▶ [Records provided]:
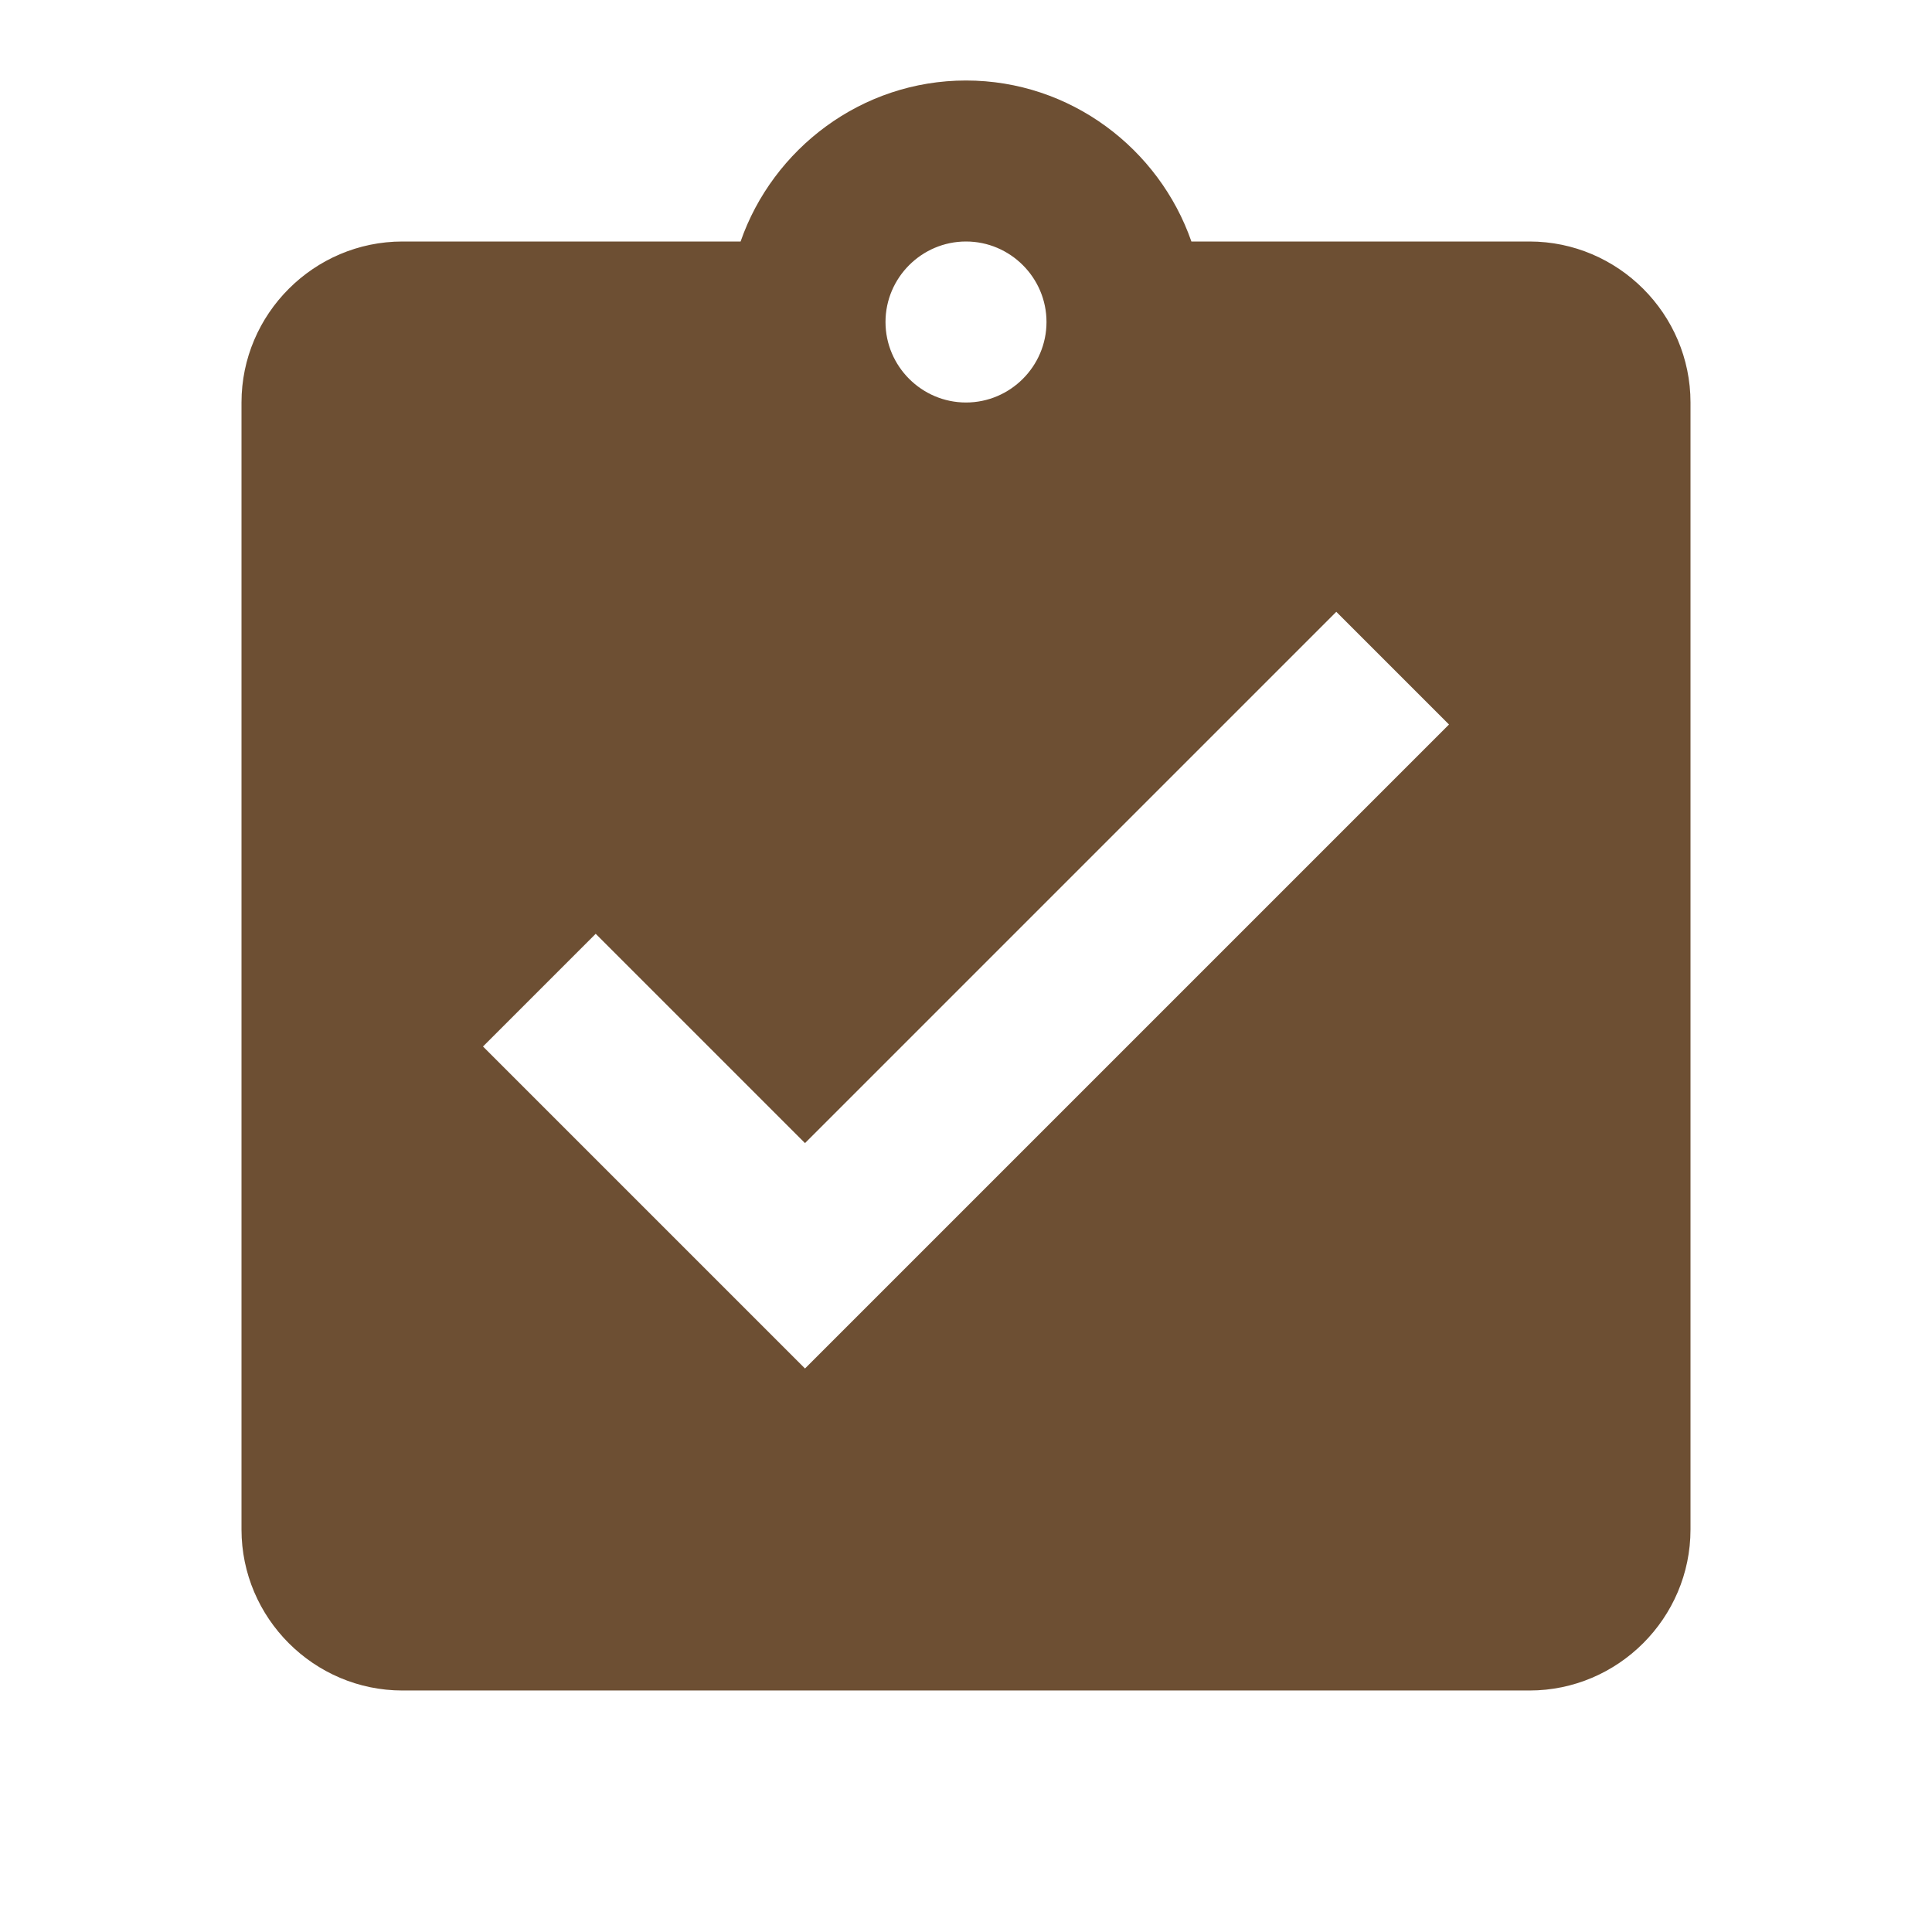 <?xml version="1.0" encoding="utf-8"?>
<!-- Generator: Adobe Illustrator 19.2.1, SVG Export Plug-In . SVG Version: 6.00 Build 0)  -->
<svg version="1.1" id="Layer_1" xmlns="http://www.w3.org/2000/svg" xmlns:xlink="http://www.w3.org/1999/xlink" x="0px" y="0px"
	 viewBox="0 0 48 48" style="enable-background:new 0 0 48 48;" xml:space="preserve">
<style type="text/css">
	.st0{fill:none;}
	.st1{fill:#6D4F33;}
</style>
<path class="st0" d="M0,0h48v48H0V0z"/>
<path class="st1" d="M38,6h-8.4c-0.8-2.3-3-4-5.6-4s-4.8,1.7-5.6,4H10c-2.2,0-4,1.8-4,4v28c0,2.2,1.8,4,4,4h28c2.2,0,4-1.8,4-4V10
	C42,7.8,40.2,6,38,6z M24,6c1.1,0,2,0.9,2,2s-0.9,2-2,2s-2-0.9-2-2S22.9,6,24,6z M20,34l-8-8l2.8-2.8l5.2,5.2l13.2-13.2L36,18L20,34
	z"/>
</svg>

▶ [Aim of the task]: Return all the records exactly, excluding images.

▶ [Written answer]:
 <?xml version="1.0" encoding="utf-8"?>
<!-- Generator: Adobe Illustrator 19.2.1, SVG Export Plug-In . SVG Version: 6.00 Build 0)  -->
<svg version="1.1" id="Layer_1" xmlns="http://www.w3.org/2000/svg" xmlns:xlink="http://www.w3.org/1999/xlink" x="0px" y="0px"
	 viewBox="0 0 48 48" style="enable-background:new 0 0 48 48;" xml:space="preserve">
<style type="text/css">
	.st0{fill:none;}
	.st1{fill:#6D4F33;}
</style>
<path class="st0" d="M0,0h48v48H0V0z"/>
<path class="st1" d="M38,6h-8.4c-0.8-2.3-3-4-5.6-4s-4.8,1.7-5.6,4H10c-2.2,0-4,1.8-4,4v28c0,2.2,1.8,4,4,4h28c2.2,0,4-1.8,4-4V10
	C42,7.8,40.2,6,38,6z M24,6c1.1,0,2,0.9,2,2s-0.9,2-2,2s-2-0.9-2-2S22.9,6,24,6z M20,34l-8-8l2.8-2.8l5.2,5.2l13.2-13.2L36,18L20,34
	z"/>
</svg>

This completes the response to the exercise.